When you find the word "person" in a line of the entries, please copy the whole line.

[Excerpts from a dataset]
[Start of section]
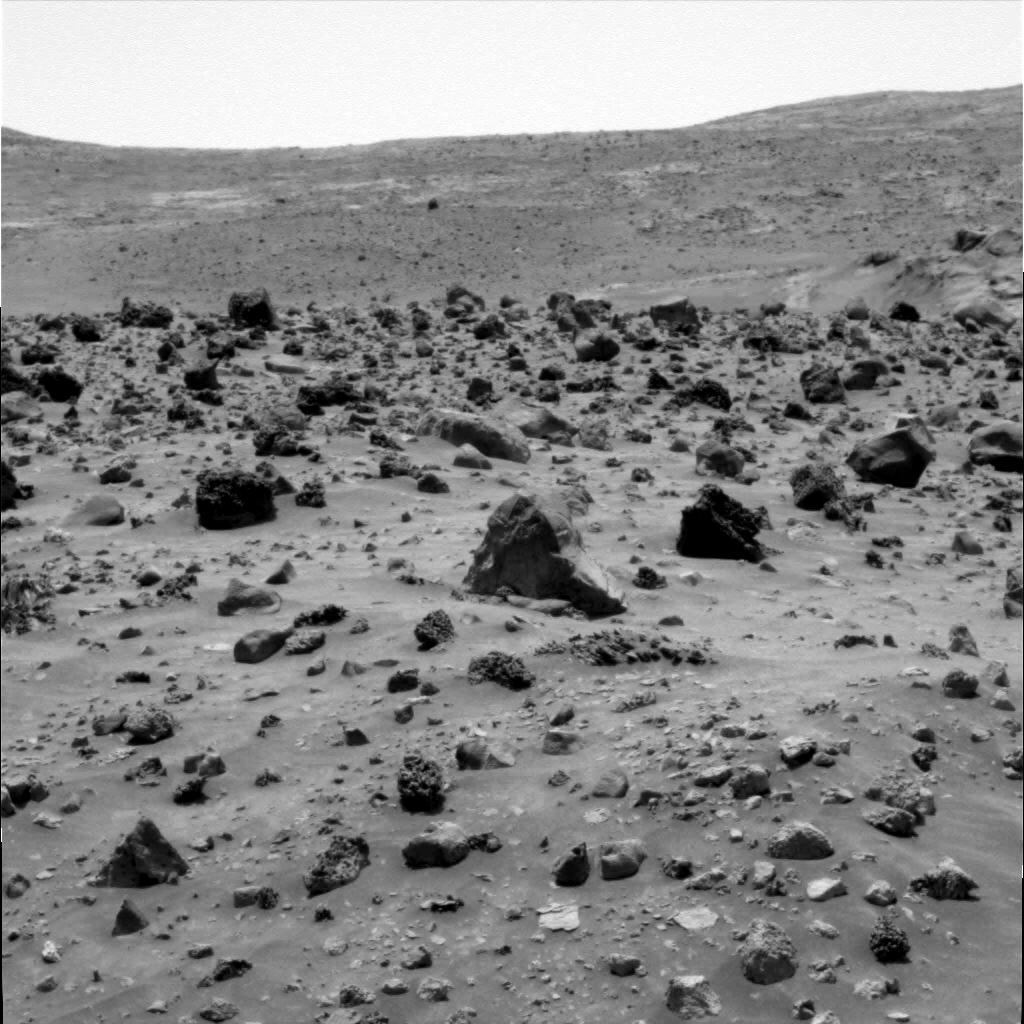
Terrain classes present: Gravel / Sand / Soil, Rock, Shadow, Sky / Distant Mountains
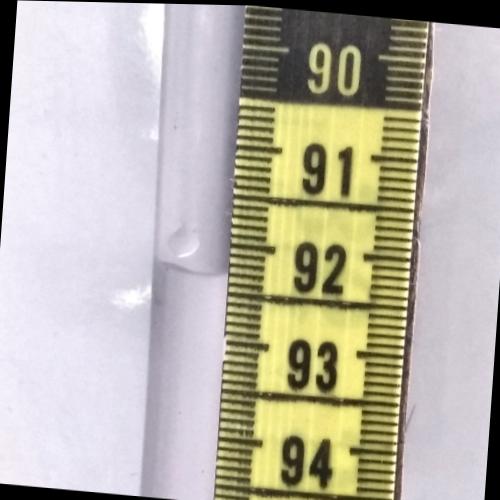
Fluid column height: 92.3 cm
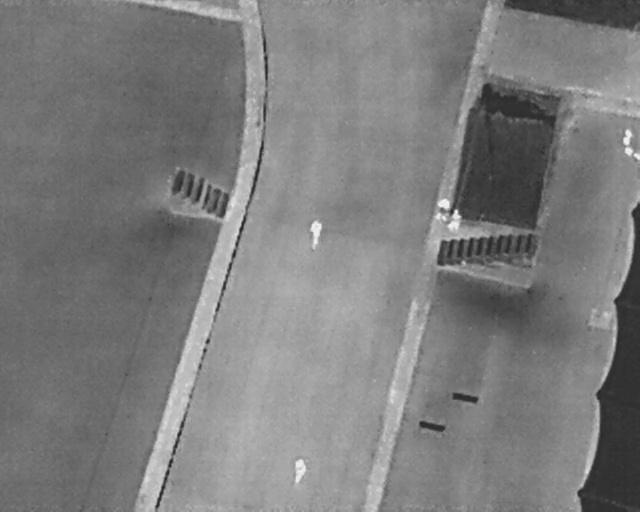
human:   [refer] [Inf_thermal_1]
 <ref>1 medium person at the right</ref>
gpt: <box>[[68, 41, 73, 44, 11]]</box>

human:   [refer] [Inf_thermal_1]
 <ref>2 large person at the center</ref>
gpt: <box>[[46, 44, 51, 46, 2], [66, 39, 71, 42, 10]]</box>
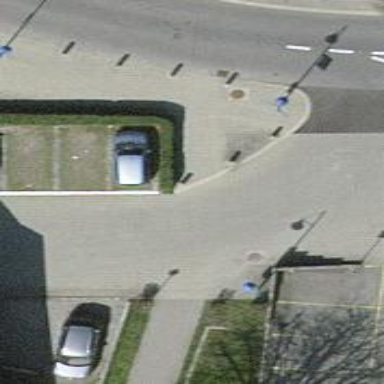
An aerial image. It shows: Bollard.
[End of section]
> [Task result]:
 <ref>1 medium person at the right</ref>
 <ref>2 large person at the center</ref>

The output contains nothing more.